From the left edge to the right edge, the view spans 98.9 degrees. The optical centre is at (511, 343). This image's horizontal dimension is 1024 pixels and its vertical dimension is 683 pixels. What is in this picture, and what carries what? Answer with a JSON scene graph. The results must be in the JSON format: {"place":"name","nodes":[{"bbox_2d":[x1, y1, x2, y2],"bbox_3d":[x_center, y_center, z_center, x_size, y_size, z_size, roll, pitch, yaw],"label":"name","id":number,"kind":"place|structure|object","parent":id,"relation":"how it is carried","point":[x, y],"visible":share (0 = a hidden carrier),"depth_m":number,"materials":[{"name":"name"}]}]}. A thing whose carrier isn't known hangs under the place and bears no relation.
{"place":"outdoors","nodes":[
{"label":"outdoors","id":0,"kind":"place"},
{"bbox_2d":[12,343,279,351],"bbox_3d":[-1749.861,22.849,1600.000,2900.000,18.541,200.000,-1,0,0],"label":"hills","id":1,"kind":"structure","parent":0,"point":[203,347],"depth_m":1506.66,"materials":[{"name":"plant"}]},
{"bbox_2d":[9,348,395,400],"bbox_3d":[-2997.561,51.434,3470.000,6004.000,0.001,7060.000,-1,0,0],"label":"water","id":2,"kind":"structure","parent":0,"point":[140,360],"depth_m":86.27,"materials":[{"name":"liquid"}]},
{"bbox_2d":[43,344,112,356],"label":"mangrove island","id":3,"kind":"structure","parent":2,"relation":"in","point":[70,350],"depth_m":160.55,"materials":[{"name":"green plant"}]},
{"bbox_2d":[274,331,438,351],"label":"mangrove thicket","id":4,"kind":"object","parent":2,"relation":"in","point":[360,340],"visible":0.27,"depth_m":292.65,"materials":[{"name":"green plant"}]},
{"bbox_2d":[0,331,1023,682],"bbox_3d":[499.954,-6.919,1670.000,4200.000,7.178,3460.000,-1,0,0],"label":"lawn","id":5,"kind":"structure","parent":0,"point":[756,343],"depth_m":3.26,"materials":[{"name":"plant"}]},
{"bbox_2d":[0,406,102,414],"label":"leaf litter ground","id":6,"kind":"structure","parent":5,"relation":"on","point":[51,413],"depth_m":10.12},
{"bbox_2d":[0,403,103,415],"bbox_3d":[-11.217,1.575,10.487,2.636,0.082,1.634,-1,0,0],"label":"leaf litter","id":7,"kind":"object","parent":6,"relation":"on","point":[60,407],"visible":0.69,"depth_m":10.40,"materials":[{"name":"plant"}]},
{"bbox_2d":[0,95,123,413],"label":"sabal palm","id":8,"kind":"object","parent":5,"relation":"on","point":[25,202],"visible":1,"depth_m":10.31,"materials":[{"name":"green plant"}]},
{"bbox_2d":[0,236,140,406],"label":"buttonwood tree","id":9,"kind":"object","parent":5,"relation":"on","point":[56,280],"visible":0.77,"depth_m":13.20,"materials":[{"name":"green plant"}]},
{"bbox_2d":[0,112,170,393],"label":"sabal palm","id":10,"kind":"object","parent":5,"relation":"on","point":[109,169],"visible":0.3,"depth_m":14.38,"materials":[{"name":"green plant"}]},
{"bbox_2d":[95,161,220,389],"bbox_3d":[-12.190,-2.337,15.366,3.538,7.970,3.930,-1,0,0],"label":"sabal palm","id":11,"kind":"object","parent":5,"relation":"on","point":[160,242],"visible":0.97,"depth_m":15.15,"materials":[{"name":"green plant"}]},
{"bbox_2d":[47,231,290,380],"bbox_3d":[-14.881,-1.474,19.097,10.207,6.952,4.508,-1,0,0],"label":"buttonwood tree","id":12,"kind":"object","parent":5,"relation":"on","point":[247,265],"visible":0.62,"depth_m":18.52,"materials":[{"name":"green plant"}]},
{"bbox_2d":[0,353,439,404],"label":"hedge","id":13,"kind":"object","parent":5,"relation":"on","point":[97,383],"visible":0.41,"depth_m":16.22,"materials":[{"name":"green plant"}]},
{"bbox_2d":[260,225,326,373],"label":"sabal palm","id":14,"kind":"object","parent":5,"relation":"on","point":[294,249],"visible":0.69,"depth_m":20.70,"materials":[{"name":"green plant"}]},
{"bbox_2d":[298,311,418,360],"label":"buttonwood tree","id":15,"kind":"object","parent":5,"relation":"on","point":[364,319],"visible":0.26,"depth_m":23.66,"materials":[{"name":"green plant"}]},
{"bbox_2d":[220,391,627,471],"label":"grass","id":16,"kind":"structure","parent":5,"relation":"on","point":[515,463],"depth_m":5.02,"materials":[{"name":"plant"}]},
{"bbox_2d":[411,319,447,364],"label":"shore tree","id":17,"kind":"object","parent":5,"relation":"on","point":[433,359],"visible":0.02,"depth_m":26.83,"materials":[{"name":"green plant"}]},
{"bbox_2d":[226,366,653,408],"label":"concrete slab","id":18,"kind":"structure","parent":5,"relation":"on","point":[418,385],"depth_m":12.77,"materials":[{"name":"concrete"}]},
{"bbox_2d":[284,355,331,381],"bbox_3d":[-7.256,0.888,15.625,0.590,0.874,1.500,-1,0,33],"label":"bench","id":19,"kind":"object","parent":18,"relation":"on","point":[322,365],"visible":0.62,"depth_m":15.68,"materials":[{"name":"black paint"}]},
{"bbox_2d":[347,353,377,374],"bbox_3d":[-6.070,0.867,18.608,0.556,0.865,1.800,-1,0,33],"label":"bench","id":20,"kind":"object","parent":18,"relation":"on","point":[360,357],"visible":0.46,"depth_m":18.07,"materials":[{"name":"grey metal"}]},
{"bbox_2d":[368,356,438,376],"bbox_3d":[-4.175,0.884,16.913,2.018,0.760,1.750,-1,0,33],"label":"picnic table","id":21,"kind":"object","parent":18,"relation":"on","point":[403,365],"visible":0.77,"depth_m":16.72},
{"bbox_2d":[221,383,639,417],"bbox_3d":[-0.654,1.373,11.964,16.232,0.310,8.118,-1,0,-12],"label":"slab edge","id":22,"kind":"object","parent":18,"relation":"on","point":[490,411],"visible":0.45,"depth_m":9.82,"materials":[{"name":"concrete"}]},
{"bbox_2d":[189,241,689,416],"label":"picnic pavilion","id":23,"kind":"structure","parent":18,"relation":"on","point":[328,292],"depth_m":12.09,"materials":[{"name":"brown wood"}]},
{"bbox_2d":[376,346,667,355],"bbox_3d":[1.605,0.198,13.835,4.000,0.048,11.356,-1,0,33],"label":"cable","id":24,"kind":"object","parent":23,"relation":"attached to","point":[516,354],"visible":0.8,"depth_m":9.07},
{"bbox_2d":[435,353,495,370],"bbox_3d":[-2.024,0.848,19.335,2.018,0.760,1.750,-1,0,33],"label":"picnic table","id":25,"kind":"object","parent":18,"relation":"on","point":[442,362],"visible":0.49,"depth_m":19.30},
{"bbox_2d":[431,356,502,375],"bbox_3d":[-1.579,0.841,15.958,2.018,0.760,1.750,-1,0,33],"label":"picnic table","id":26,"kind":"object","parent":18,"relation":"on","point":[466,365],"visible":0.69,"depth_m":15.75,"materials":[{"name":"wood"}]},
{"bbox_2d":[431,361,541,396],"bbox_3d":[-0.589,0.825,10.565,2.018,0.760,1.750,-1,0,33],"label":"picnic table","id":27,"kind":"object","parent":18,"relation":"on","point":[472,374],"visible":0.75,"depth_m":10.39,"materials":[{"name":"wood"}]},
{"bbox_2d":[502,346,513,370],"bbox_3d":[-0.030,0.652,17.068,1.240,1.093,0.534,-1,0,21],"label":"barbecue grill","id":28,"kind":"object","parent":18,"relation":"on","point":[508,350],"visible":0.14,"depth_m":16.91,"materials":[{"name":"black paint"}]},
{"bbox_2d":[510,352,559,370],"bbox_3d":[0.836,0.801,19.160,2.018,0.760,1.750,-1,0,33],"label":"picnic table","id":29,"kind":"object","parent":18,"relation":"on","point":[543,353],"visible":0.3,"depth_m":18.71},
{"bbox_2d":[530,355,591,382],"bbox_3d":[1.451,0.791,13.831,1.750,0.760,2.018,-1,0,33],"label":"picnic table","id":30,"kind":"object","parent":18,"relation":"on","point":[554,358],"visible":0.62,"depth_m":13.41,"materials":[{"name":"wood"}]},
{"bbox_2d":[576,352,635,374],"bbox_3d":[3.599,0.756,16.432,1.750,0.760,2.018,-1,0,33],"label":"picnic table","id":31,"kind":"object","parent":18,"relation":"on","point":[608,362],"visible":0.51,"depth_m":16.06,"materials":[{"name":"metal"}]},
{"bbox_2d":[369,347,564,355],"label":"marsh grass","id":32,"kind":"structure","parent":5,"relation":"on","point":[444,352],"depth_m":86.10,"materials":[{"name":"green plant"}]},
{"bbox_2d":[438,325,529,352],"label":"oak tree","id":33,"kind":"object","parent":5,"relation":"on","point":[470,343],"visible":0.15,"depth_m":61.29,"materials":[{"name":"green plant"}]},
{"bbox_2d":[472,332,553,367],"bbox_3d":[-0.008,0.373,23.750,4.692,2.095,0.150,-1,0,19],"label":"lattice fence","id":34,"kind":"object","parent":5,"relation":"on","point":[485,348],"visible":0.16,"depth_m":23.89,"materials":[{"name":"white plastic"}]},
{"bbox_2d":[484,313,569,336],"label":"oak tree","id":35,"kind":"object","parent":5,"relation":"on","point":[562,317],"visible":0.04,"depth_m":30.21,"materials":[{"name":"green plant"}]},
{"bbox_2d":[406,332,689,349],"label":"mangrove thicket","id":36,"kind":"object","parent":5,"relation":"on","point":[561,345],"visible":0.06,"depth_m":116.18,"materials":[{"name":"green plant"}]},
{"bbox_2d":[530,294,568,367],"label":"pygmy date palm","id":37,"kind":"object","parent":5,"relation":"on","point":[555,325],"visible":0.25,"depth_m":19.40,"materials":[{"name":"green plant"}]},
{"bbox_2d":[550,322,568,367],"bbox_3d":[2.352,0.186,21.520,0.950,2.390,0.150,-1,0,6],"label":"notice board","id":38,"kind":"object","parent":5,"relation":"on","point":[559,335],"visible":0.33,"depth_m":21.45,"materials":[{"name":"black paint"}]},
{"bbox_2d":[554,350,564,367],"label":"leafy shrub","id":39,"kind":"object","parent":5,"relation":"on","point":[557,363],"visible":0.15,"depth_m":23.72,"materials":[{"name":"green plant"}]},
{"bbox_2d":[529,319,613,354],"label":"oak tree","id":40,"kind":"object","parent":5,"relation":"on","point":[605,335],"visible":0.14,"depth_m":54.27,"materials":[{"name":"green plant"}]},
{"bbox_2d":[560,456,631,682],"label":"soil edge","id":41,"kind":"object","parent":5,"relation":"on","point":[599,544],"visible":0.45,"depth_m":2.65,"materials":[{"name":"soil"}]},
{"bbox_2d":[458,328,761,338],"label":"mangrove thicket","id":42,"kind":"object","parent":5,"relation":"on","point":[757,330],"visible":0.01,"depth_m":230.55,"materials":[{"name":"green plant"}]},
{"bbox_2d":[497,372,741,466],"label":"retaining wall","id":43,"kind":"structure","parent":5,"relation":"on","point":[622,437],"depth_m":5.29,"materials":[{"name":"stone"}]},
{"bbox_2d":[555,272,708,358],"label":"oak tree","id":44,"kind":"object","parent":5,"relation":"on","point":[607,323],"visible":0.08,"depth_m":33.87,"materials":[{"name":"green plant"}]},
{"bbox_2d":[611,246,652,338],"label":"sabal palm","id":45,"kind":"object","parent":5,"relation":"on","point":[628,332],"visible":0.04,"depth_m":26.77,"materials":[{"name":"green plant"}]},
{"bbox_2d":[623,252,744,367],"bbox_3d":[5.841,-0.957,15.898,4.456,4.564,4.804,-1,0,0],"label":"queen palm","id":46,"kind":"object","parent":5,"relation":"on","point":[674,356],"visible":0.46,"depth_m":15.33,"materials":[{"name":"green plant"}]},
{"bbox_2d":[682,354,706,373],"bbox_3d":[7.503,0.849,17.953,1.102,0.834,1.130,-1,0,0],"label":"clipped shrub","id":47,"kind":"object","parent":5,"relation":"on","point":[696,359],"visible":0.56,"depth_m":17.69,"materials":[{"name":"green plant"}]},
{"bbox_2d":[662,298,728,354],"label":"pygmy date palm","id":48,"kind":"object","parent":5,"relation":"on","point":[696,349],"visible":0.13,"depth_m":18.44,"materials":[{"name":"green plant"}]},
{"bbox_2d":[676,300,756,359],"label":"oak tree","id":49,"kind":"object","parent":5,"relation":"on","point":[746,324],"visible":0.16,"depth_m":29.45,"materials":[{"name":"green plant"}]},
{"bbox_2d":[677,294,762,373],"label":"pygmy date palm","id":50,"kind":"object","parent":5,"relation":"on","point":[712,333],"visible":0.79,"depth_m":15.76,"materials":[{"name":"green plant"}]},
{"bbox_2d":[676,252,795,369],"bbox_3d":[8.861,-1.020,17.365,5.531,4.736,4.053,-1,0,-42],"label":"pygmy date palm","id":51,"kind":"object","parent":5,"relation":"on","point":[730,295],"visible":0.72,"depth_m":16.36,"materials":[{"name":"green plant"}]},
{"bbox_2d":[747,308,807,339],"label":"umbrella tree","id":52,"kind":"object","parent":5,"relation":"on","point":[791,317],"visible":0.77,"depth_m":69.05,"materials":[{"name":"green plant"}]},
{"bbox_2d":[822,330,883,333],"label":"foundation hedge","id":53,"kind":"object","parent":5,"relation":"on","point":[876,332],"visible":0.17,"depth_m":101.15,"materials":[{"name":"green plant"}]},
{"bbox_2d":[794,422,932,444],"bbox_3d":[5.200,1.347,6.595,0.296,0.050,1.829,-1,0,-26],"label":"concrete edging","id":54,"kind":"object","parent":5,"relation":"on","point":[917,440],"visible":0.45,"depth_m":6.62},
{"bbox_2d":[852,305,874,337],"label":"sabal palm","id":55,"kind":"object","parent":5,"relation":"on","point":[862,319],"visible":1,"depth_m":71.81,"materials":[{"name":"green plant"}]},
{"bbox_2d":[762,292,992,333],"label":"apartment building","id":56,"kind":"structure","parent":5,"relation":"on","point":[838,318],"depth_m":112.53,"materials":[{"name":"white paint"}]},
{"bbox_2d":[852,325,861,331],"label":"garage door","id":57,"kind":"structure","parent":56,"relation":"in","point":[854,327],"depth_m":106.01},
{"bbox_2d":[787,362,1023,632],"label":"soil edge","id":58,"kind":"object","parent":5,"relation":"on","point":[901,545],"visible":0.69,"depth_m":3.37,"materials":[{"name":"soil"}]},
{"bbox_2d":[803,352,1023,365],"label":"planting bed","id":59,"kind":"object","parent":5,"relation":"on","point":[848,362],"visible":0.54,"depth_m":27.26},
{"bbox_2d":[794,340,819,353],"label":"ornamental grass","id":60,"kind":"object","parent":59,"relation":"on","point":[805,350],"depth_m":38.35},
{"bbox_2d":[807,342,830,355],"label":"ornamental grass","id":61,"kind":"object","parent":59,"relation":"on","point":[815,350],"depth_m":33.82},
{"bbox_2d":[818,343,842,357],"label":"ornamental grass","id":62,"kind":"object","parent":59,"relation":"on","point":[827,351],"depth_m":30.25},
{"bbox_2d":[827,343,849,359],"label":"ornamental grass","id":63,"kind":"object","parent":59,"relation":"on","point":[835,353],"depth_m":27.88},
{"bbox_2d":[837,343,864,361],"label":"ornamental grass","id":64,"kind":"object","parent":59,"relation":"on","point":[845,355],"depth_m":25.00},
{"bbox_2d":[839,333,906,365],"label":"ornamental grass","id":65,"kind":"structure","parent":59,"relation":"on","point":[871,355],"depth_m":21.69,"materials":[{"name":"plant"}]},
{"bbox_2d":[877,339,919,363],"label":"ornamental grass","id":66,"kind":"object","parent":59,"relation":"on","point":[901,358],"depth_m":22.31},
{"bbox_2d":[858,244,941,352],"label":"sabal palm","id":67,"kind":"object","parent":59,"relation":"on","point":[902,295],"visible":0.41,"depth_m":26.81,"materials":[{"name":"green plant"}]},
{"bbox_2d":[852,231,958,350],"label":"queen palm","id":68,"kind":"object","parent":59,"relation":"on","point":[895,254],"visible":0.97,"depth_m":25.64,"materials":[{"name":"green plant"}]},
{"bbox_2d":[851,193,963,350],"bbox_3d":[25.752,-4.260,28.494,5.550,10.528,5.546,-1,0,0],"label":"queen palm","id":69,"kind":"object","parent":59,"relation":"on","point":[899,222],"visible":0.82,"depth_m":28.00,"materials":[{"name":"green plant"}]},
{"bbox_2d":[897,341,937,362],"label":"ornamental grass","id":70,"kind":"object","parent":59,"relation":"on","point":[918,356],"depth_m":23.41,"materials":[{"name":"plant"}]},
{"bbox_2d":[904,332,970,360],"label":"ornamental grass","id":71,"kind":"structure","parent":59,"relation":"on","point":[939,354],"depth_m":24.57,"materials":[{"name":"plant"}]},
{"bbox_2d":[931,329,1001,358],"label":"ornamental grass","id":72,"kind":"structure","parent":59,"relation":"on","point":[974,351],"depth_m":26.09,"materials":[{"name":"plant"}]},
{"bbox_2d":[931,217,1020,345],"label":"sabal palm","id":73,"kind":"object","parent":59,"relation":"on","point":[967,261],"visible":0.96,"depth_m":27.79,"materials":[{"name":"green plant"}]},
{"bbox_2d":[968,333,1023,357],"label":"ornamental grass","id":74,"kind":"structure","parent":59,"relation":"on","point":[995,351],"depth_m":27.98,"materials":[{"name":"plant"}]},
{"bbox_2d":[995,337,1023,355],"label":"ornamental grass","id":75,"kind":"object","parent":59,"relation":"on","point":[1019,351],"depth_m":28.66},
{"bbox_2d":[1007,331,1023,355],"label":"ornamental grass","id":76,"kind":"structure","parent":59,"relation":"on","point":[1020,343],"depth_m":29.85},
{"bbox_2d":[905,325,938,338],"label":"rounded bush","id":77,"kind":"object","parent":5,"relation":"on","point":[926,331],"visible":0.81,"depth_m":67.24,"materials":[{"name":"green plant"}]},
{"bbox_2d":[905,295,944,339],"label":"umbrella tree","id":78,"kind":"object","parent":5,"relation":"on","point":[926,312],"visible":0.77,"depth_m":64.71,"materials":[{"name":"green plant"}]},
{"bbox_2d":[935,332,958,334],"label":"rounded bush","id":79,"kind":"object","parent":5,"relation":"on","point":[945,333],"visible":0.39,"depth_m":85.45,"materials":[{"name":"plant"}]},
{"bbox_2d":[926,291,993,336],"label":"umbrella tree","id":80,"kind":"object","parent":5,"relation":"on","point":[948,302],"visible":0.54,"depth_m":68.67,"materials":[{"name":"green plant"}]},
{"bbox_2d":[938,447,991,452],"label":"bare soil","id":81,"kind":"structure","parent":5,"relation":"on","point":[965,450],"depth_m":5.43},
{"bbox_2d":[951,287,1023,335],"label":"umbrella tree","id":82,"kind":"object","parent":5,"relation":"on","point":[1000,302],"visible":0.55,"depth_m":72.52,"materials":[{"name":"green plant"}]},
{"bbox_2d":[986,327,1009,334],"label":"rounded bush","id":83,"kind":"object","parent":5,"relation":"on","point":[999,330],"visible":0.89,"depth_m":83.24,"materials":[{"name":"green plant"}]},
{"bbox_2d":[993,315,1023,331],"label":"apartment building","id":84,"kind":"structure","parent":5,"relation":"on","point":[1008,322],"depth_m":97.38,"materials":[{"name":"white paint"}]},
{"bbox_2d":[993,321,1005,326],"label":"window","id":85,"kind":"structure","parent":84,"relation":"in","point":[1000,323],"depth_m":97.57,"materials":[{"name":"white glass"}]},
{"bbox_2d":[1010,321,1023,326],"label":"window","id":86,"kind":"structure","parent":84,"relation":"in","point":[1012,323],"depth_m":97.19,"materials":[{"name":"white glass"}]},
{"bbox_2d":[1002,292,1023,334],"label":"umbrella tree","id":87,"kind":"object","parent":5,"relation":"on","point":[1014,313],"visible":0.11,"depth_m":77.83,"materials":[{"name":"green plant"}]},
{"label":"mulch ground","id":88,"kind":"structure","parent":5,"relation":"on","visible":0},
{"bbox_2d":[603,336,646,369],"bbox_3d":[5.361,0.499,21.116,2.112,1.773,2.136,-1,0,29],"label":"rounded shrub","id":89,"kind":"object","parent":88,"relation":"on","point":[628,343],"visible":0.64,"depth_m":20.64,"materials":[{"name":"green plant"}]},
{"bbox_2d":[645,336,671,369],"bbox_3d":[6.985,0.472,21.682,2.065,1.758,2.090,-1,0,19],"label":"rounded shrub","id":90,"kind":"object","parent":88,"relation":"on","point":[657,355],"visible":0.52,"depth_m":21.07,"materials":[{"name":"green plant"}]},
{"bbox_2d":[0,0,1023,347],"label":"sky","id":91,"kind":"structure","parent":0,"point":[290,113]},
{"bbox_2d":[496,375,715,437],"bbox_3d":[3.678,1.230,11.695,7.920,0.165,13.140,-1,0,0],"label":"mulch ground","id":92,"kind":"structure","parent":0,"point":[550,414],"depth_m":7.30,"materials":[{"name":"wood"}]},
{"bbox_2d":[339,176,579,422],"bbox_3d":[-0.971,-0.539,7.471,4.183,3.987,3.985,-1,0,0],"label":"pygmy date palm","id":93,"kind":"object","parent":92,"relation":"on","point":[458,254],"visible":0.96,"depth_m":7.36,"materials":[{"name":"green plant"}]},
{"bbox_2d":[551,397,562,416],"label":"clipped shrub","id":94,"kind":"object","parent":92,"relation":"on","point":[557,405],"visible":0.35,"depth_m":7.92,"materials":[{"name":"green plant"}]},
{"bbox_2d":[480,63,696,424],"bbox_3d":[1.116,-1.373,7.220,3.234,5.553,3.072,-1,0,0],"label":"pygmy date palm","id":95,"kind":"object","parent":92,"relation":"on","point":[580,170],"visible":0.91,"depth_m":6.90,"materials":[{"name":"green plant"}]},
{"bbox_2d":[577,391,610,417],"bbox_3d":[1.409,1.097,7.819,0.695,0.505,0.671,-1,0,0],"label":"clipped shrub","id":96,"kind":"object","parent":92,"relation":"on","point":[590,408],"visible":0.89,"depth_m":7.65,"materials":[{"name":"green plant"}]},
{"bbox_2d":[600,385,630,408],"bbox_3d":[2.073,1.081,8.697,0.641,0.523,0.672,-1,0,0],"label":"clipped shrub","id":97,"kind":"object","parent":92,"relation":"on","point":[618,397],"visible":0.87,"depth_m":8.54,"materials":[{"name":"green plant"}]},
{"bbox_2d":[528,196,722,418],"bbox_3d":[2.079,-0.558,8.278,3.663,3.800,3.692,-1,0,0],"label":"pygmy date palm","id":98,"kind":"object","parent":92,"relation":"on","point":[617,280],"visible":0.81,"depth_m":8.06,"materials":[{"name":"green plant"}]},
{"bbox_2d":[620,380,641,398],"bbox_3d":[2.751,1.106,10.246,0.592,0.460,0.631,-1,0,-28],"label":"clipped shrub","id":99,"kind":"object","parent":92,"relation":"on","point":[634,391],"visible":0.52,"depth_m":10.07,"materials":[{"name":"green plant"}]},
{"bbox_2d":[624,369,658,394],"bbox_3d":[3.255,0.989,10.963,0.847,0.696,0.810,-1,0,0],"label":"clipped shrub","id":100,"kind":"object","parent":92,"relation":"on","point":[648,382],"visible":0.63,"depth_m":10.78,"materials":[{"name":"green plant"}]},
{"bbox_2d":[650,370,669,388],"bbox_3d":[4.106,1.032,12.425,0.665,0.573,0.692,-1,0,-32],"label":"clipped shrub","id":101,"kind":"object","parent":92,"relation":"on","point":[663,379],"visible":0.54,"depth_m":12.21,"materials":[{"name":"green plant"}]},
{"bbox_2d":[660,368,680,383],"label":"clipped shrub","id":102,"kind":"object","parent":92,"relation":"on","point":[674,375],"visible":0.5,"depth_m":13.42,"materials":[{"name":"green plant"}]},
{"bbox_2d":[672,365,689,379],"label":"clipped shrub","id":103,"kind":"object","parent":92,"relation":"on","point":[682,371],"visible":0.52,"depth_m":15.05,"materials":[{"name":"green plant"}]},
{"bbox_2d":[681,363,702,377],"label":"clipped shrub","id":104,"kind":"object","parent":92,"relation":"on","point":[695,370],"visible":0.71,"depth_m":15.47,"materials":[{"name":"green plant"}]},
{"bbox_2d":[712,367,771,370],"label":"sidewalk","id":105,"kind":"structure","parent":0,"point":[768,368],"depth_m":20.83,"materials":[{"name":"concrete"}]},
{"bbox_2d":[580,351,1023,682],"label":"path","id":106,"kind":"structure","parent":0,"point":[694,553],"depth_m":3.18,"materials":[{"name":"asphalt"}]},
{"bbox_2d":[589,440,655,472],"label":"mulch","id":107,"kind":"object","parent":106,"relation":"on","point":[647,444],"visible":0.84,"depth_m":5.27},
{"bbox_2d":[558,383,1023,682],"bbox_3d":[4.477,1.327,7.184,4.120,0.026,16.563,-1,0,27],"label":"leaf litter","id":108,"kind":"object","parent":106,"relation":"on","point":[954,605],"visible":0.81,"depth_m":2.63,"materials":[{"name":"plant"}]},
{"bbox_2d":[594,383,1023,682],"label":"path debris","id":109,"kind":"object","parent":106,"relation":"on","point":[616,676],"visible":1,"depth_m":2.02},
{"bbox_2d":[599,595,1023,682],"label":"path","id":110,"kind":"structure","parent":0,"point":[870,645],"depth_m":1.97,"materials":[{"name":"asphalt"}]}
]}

━━━

[AIM OF THE EXERCISE]:
Read the entries and show each line that mentions "window".

[ANSWER SPACE]:
{"bbox_2d":[993,321,1005,326],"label":"window","id":85,"kind":"structure","parent":84,"relation":"in","point":[1000,323],"depth_m":97.57,"materials":[{"name":"white glass"}]},
{"bbox_2d":[1010,321,1023,326],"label":"window","id":86,"kind":"structure","parent":84,"relation":"in","point":[1012,323],"depth_m":97.19,"materials":[{"name":"white glass"}]},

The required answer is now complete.